Public transportation is an example. Uber and GrabTaxi are constantly talking to government authorities to communicate their message and stay on the right side of the law. Singapore carsharing service iCarsClub is engaged in dialogue with the local government to amend regulations that prevent car owners from leasing out their vehicles on weekdays. Governments could prop up technologies that rely on network effects to be successful. Square Wallet’s failure is an interesting case study. Even with Starbucks as a major customer, consumers did not find it useful since cash or credit cards were already ubiquitous modes of payment. It was, in the words of Wired, a case of the old way being just good enough.

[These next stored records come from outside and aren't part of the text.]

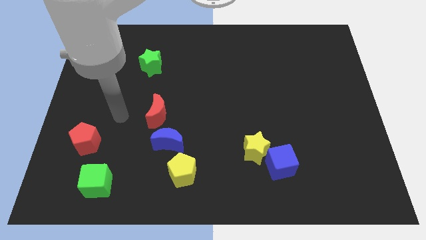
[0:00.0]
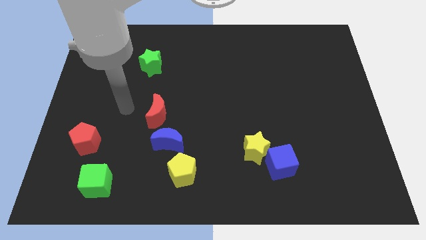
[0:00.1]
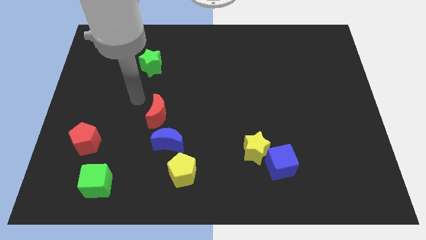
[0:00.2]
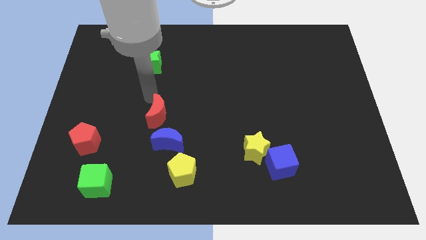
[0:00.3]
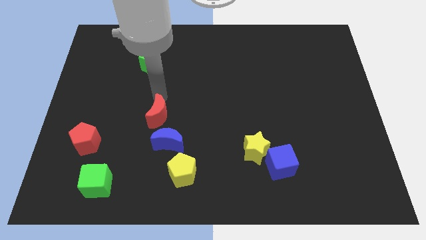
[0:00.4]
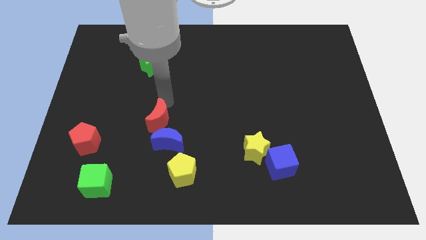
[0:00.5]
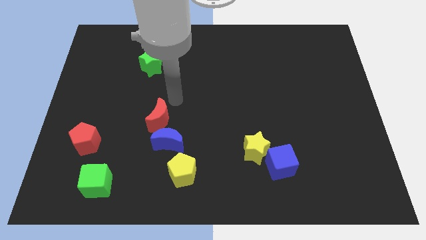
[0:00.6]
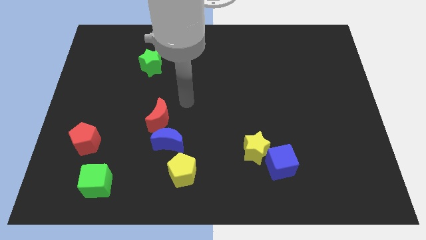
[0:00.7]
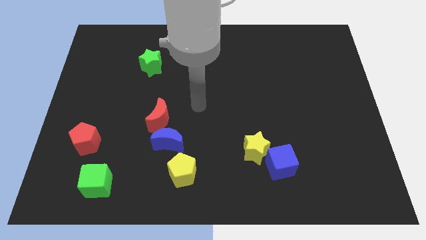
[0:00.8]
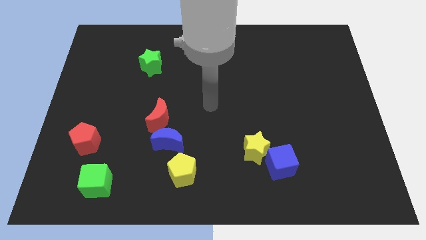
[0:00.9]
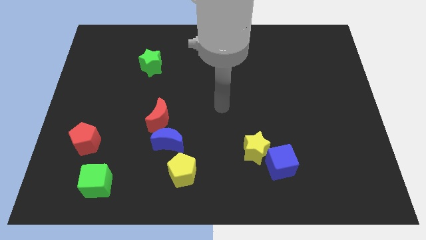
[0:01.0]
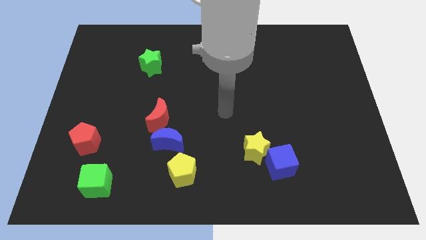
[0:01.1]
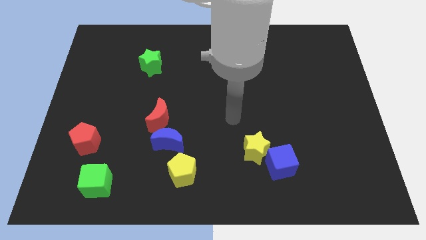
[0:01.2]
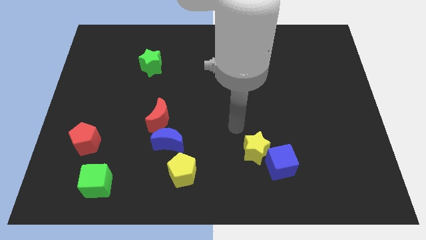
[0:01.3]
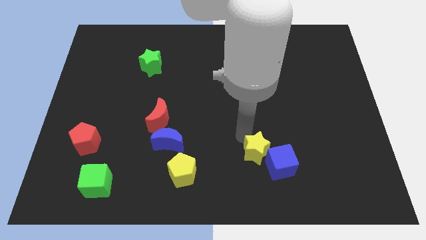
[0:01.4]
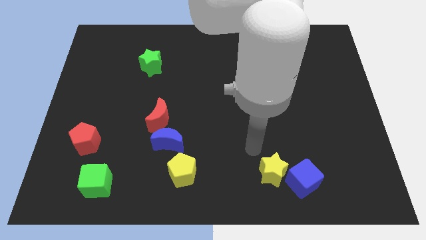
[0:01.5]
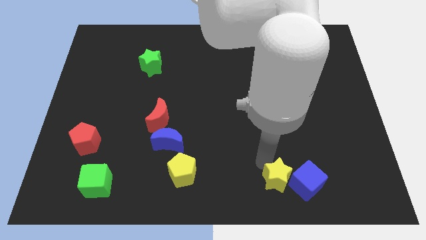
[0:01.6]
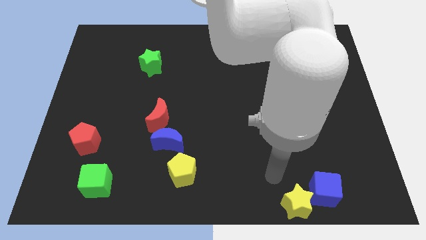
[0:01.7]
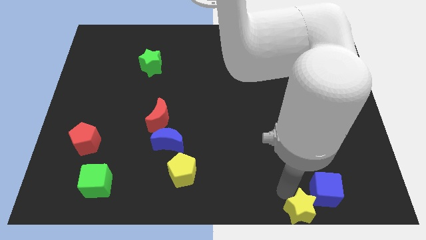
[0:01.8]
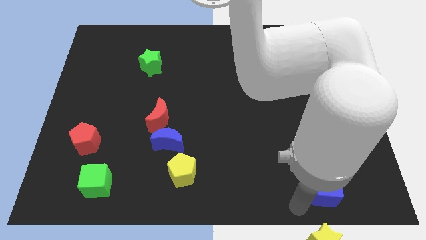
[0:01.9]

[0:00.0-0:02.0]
pull the blue cube apart from the yellow star

Now, imagine a payments company partnering with a government, which mandates that an entire city adopts the same system. It’s a huge difference maker. In fact, this has already been achieved many times over, as shown by Singapore’s implementation of the NETS payment system and Hong Kong’s adoption of the Octopus card. Both projects are commercial in nature, yet involved the government heavily. Governments need not always play an active role in implementing technology. Instead, they can enact regulations and policies that make it easy for startups to hire talent, test new technologies, and incorporate.

Innovation at scale

Various attempts to reform the economy are underway in Asia. South Korea has a new startup visa that takes just months to process and gives deserving entrepreneurs access to some benefits offered to citizens. Japan, meanwhile, is embarking on the Third Arrow of Abenomics that aims to reform agriculture, labor markets, healthcare, and female workforce participation in order to keep itself competitive for decades to come.Singapore is funneling some government money into startups through its various funding schemes. It’s also gathering a critical mass of talent into a startup hub called Block 71 where it hopes to foster a new kind of conformity.

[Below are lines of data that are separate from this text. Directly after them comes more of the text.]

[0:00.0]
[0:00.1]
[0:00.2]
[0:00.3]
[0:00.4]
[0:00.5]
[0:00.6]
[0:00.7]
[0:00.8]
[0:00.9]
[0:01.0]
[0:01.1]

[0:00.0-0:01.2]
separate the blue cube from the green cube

Detractors wonder if this much government intervention in the economy is a good thing. Bureaucrats, after all, aren’t equipped to identify opportunities in the technology space. But if you’re trying to catch up with that weird and wonderful place called Silicon Valley, and if the private sector is not willing to place bets on technology, then the government is pretty much your last option. Many parts of Asia aren’t like Singapore or Hong Kong, however.
In reality, many countries lack the critical institutions and infrastructure to make state-sanctioned innovation fruitful. Thailand is a mess politically, while corruption is still rife in Indonesia and the Philippines. For these countries, success will rest on how soon they can get their politics together, and whether or not their private sectors – which include an army of successful diaspora – can reform the economy to encourage startup creation.
Innovation, in essence, is a form of social engineering. It’s about modifying human behavior en masse on the basis of some derived benefit. What’s needed is an actor or group of actors that are powerful enough to implement behavioral change at scale. Where these actors come from – top, bottom, or a mixture of both – doesn’t really matter.